Icebreaker

La nature, ma nature

Lorsque Icebreaker est née, Jeremy Moon, fonçait tête baissée sans réfléchir. Le jeune homme fauché de 24 ans était poussé par la passion de réaliser ce qui lui semblait possible. Cette ambition a vu le jour grâce à sa rencontre

avec un éleveur de moutons mérinos.

« Nous étions à table et il m’a montré un T-shirt en laine mérinos qu’il avait fabriqué lui-même. Le toucher était vraiment doux et voluptueux. Rien à voir avec la laine traditionnelle. Encore mieux : le T-shirt pouvait être lavé en machine plutôt qu’à la main, mais il n’en restait pas moins soyeux, doux et léger, contrairement à la laine lourde qui gratte. Et c’est là que je me suis dit : “Wow ! C’est une matière naturelle magnifique, pratique et agréable. Un tel produit rencontrerait un succès incroyable à travers le monde.” »

Armé de sa devise « ça va marcher si je ne foire pas tout » et d’une dissertation qu’il avait écrite à l’université d’Otago intitulée « Pourquoi les sociétés échouent-elles ? », Moon se mit en tête de trouver comment « ne pas tout faire foirer ».

« Je me suis souvenu de trois choses sur ces sociétés : elles ont manqué de capitaux, elles n’avaient pas d’expérience de management et de gestion, leur produit ne se démarquait pas et elles se sont retrouvées à tout axer sur le prix.
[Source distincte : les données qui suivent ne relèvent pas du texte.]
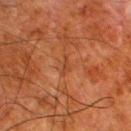Assessment:
Imaged during a routine full-body skin examination; the lesion was not biopsied and no histopathology is available.
Context:
Approximately 2.5 mm at its widest. A 15 mm close-up tile from a total-body photography series done for melanoma screening. The lesion is on the left lower leg. A male subject, about 80 years old. Imaged with cross-polarized lighting.
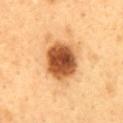follow-up=catalogued during a skin exam; not biopsied | acquisition=total-body-photography crop, ~15 mm field of view | patient=male, aged approximately 50 | body site=the back.
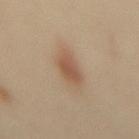Q: Was a biopsy performed?
A: catalogued during a skin exam; not biopsied
Q: How was this image acquired?
A: 15 mm crop, total-body photography
Q: Who is the patient?
A: female, aged around 40
Q: Lesion size?
A: ~3.5 mm (longest diameter)
Q: Lesion location?
A: the mid back
Q: Illumination type?
A: cross-polarized illumination
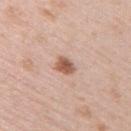Impression: Part of a total-body skin-imaging series; this lesion was reviewed on a skin check and was not flagged for biopsy. Acquisition and patient details: A female subject, aged approximately 65. This is a white-light tile. A roughly 15 mm field-of-view crop from a total-body skin photograph. About 2.5 mm across. Located on the upper back.
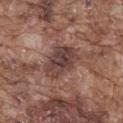biopsy status: catalogued during a skin exam; not biopsied
site: the mid back
image-analysis metrics: an area of roughly 14 mm², an outline eccentricity of about 0.7 (0 = round, 1 = elongated), and a symmetry-axis asymmetry near 0.25; a border-irregularity rating of about 3/10 and a color-variation rating of about 5/10; a classifier nevus-likeness of about 0/100 and a detector confidence of about 95 out of 100 that the crop contains a lesion
size: ~5 mm (longest diameter)
subject: male, aged around 75
image: ~15 mm tile from a whole-body skin photo
tile lighting: white-light illumination
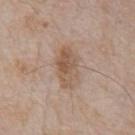Recorded during total-body skin imaging; not selected for excision or biopsy. Approximately 5 mm at its widest. A 15 mm crop from a total-body photograph taken for skin-cancer surveillance. A male patient in their 80s. The lesion-visualizer software estimated a footprint of about 9.5 mm², a shape eccentricity near 0.85, and two-axis asymmetry of about 0.15. The analysis additionally found roughly 9 lightness units darker than nearby skin and a normalized lesion–skin contrast near 7. On the chest. Imaged with white-light lighting.
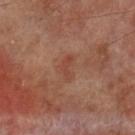Q: Is there a histopathology result?
A: imaged on a skin check; not biopsied
Q: How was the tile lit?
A: cross-polarized
Q: What is the imaging modality?
A: ~15 mm crop, total-body skin-cancer survey
Q: Who is the patient?
A: male, in their 70s
Q: Lesion location?
A: the leg
Q: How large is the lesion?
A: ≈3 mm
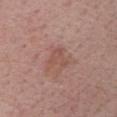Q: Was this lesion biopsied?
A: total-body-photography surveillance lesion; no biopsy
Q: Where on the body is the lesion?
A: the chest
Q: How was this image acquired?
A: ~15 mm tile from a whole-body skin photo
Q: What are the patient's age and sex?
A: female, aged 48–52
Q: Lesion size?
A: ≈3 mm
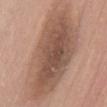* biopsy status — catalogued during a skin exam; not biopsied
* site — the abdomen
* image-analysis metrics — an outline eccentricity of about 0.9 (0 = round, 1 = elongated) and a symmetry-axis asymmetry near 0.2; an average lesion color of about L≈52 a*≈19 b*≈27 (CIELAB) and a lesion-to-skin contrast of about 8.5 (normalized; higher = more distinct)
* subject — male, aged approximately 60
* acquisition — 15 mm crop, total-body photography
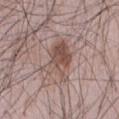A roughly 15 mm field-of-view crop from a total-body skin photograph. From the abdomen. An algorithmic analysis of the crop reported a border-irregularity rating of about 5.5/10, internal color variation of about 6 on a 0–10 scale, and a peripheral color-asymmetry measure near 2. The analysis additionally found a classifier nevus-likeness of about 40/100. Approximately 5.5 mm at its widest. This is a white-light tile. A male patient, aged 48–52.
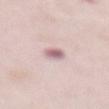No biopsy was performed on this lesion — it was imaged during a full skin examination and was not determined to be concerning. Located on the abdomen. A female patient aged 63 to 67. Measured at roughly 3 mm in maximum diameter. This is a white-light tile. A roughly 15 mm field-of-view crop from a total-body skin photograph.
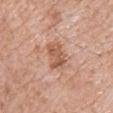Part of a total-body skin-imaging series; this lesion was reviewed on a skin check and was not flagged for biopsy. Captured under white-light illumination. The total-body-photography lesion software estimated a lesion color around L≈57 a*≈23 b*≈32 in CIELAB, a lesion–skin lightness drop of about 10, and a normalized border contrast of about 7. It also reported a border-irregularity rating of about 3/10, internal color variation of about 3 on a 0–10 scale, and radial color variation of about 1. The software also gave a nevus-likeness score of about 5/100 and a lesion-detection confidence of about 100/100. A 15 mm close-up tile from a total-body photography series done for melanoma screening. The subject is a male roughly 70 years of age. The lesion is located on the chest. About 3 mm across.

« Avec huit investisseurs, j’ai rassemblé un capital de départ de 200 000 $ ; assez pour nous permettre de démarrer, mais pas suffisamment pour se reposer sur ses lauriers et penser qu’un business peut réussir avant même de l’avoir lancé. Ensuite, j’ai mis en place un comité de direction parce que je n’avais aucune expertise dans le management des entreprises, que mon expérience personnelle était limitée et que j’avais besoin de quelques “têtes grisonnantes” et expérimentées autour de moi pour modérer ma passion et ma testostérone. Mes collaborateurs m’ont appris comment penser sur le long terme, comment prévoir, comment construire des équipes et m’ont aidé à affiner mes décisions.
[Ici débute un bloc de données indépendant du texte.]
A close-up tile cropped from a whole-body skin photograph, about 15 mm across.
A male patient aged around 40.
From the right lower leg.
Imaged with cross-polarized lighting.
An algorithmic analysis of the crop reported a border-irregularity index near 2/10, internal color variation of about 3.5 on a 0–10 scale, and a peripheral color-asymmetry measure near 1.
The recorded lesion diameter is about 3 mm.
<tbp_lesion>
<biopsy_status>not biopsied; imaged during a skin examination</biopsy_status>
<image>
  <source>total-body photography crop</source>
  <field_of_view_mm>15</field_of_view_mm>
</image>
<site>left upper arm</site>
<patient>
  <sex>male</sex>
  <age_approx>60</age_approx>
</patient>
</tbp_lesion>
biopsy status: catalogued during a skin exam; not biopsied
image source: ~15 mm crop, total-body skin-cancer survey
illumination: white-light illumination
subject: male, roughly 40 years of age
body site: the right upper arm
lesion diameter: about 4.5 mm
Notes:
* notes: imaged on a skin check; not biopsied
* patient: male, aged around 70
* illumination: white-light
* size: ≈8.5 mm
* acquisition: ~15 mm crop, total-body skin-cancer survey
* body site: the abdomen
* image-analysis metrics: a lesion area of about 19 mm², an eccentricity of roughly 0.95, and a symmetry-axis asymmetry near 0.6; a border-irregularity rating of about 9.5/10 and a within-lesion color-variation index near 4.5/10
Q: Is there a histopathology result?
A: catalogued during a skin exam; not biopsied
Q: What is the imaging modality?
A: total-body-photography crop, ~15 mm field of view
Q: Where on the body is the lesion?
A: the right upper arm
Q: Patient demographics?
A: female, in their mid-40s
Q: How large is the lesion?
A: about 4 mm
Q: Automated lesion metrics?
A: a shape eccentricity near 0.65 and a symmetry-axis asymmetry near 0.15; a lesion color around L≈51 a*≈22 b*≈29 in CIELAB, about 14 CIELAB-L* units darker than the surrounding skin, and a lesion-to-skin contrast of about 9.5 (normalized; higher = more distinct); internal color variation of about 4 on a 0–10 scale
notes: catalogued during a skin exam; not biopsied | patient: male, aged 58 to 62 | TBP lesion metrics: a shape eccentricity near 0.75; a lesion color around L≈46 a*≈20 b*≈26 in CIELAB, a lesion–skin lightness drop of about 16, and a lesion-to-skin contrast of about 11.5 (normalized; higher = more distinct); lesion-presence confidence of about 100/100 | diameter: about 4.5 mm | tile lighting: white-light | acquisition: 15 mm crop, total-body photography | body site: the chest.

« Le troisième problème concernait la manière dont nous allions investir le capital. Plus de la moitié est passée dans la conception de la marque, et le reste dans la conception du produit. »

Icebreaker

L’investissement de Moon a porté ses fruits : les clients en ont redemandé, appréciant la durabilité, le confort et l’originalité du produit. Des caractéristiques qui justifiaient largement les prix imprimés sur les étiquettes ! « La laine mérinos n’est pas donnée à tout le monde ».

« Ce qui m’intéresse n’est pas simplement de fabriquer et de vendre des vêtements. Ma philosophie est fondée sur l’honnêteté et la qualité. J’ai une formation en anthropologie culturelle et je suis obsédé par la signification que nous, humains, donnons aux choses. Nous cherchons à tout expliquer, nous attachons une signification à chaque chose et les objets que nous utilisons tous les jours correspondent à notre personnalité. Ils reflètent ce que nous sommes ou ce que nous voulons être.
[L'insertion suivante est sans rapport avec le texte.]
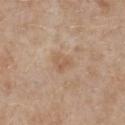Impression: The lesion was tiled from a total-body skin photograph and was not biopsied. Acquisition and patient details: The lesion's longest dimension is about 2.5 mm. Automated image analysis of the tile measured a footprint of about 4.5 mm² and a shape-asymmetry score of about 0.3 (0 = symmetric). Imaged with white-light lighting. Cropped from a total-body skin-imaging series; the visible field is about 15 mm. The patient is a female approximately 40 years of age. Located on the chest.
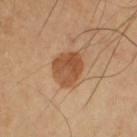biopsy status — imaged on a skin check; not biopsied
image-analysis metrics — a shape-asymmetry score of about 0.2 (0 = symmetric); an average lesion color of about L≈50 a*≈22 b*≈35 (CIELAB), about 11 CIELAB-L* units darker than the surrounding skin, and a normalized lesion–skin contrast near 8.5; a color-variation rating of about 5/10; an automated nevus-likeness rating near 90 out of 100 and lesion-presence confidence of about 100/100
subject — male, aged approximately 65
image — ~15 mm tile from a whole-body skin photo
tile lighting — cross-polarized illumination
site — the right upper arm
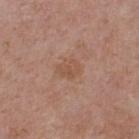Assessment:
Part of a total-body skin-imaging series; this lesion was reviewed on a skin check and was not flagged for biopsy.
Context:
A roughly 15 mm field-of-view crop from a total-body skin photograph. Located on the upper back. A female subject in their 60s.

« Lorsque j’ai lancé Icebreaker au milieu des années 90, je visais plutôt le marché des sports d’hiver, de l’outdoor et les vêtements de randonnée. Les marques qui dominaient le marché à l’époque racontaient toutes la même histoire : des hommes en sueur qui escaladaient des montages le plus vite possible. Nous avons proposé l’inverse. Nous avons choisi de rendre hommage aux hommes et aux femmes, et à leur affinité avec la nature plutôt que d’en faire une histoire de conquête. Ensuite, nous avons proposé aux gens de porter des produits naturels dans la nature plutôt que des matières synthétiques à base de composés pétrochimiques. Alors qu’ils allaient tous dans le même sens, nous avons décidé d’aller à contre-courant. Ce qui nous a immédiatement rendus différents et surprenants. Nous offrions un produit avec une histoire, celle d’une fibre née dans les montagnes.

« Cela semblait complètement contraire au bon sens d’utiliser la même laine mérinos que celle d’un costume italien à 3 000 $ pour fabriquer des vêtements dans lesquels on pourrait transpirer. Les prix des produits Icebreaker étaient deux fois supérieurs à ceux des produits concurrents, faits à partir de matières synthétiques bon marché. Il était donc nécessaire de promouvoir une marque de qualité avec une histoire unique, pas seulement pour nous différencier, mais aussi pour justifier le prix. La marque devait être émotionnelle, séduisante et engageante. Alors j’ai décidé de parier sur le concept “né dans la nature, porté dans la nature”. Je pensais que cela toucherait les gens sur un plan très personnel. Nous vivons de plus en plus regroupés dans les villes, nous perdons le contact avec la nature et porter des matières naturelles aiderait à reconstruire ce lien »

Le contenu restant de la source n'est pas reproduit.